ChatGPT’s experiment with Bing has been a failure, so Microsoft has begun to uncouple its Copilot artificial intelligence from the search engine. The Copilot app for Android is now availableand you don’t need to use the Bing app to access the AI.

When ChatGPT was unveiled in early 2023, Microsoft quickly integrated it into Bing, the only place it could be used outside of OpenAI. Microsoft’s goal was to attract users eager to try the magic of generative artificial intelligence, and with this artificially increase Bing’s market sharewith respect to the Google search engine.

The experiment did not work: Bing not only did not increase, but it even continued to lose market share, compared to Google.

So now, Microsoft’s new strategy is unlink your AI from Bing, because possibly it is more of a burden than anything else. A few weeks ago he changed the name to Bing Chat, to call it Copilot.

Until now, if you wanted to use Copilot on mobile, you could only access it through the Bing app for iOS and Android. But now, without any advertising, has launched the Copilot app for Android, definitively separating it from Bing. Although, of course, Bing will continue to integrate Copilot.

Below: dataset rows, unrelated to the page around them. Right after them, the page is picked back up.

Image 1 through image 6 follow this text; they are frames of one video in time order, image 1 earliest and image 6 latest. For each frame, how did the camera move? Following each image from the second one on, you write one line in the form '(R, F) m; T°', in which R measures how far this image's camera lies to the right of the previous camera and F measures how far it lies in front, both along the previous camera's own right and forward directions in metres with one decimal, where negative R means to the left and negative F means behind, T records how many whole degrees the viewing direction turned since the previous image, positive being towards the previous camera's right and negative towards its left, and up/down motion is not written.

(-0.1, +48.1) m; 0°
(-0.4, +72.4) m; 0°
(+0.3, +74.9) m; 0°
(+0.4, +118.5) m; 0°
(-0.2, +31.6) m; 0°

This is the Copilot app for Android

Microsoft Copilot can now be downloaded on Android phones from Google Play Store. It is currently not available for iOS.

It offers a look and functionality very similar to the ChatGPT app, which uses as a base:

With Copilot you can ask generative artificial intelligence things, ask you to write text, make summaries, and generate images using DALL-E 3.

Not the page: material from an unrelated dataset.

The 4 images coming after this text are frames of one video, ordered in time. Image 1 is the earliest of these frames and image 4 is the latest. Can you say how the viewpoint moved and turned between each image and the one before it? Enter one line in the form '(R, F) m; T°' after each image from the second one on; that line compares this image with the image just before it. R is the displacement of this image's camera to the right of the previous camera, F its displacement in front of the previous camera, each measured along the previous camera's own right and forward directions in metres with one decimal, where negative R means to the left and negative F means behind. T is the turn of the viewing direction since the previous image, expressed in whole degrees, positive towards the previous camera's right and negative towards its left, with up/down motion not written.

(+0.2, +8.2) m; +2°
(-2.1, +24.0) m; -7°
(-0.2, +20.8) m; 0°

An advantage over ChatGPT is that allows you to use the GPT-4 language model for free. On the other hand, in ChatGPT you have to pay…

It’s a strange situation, because now Copilot is a direct rival to ChatGPT, despite using GPT.

Microsoft has launched the Copilot app for Android, separating its generative artificial intelligence from Bing (which continues to include it). We’ll see if that helps it gain more users, and turn it into a real alternative to ChatGPT and Google Bard.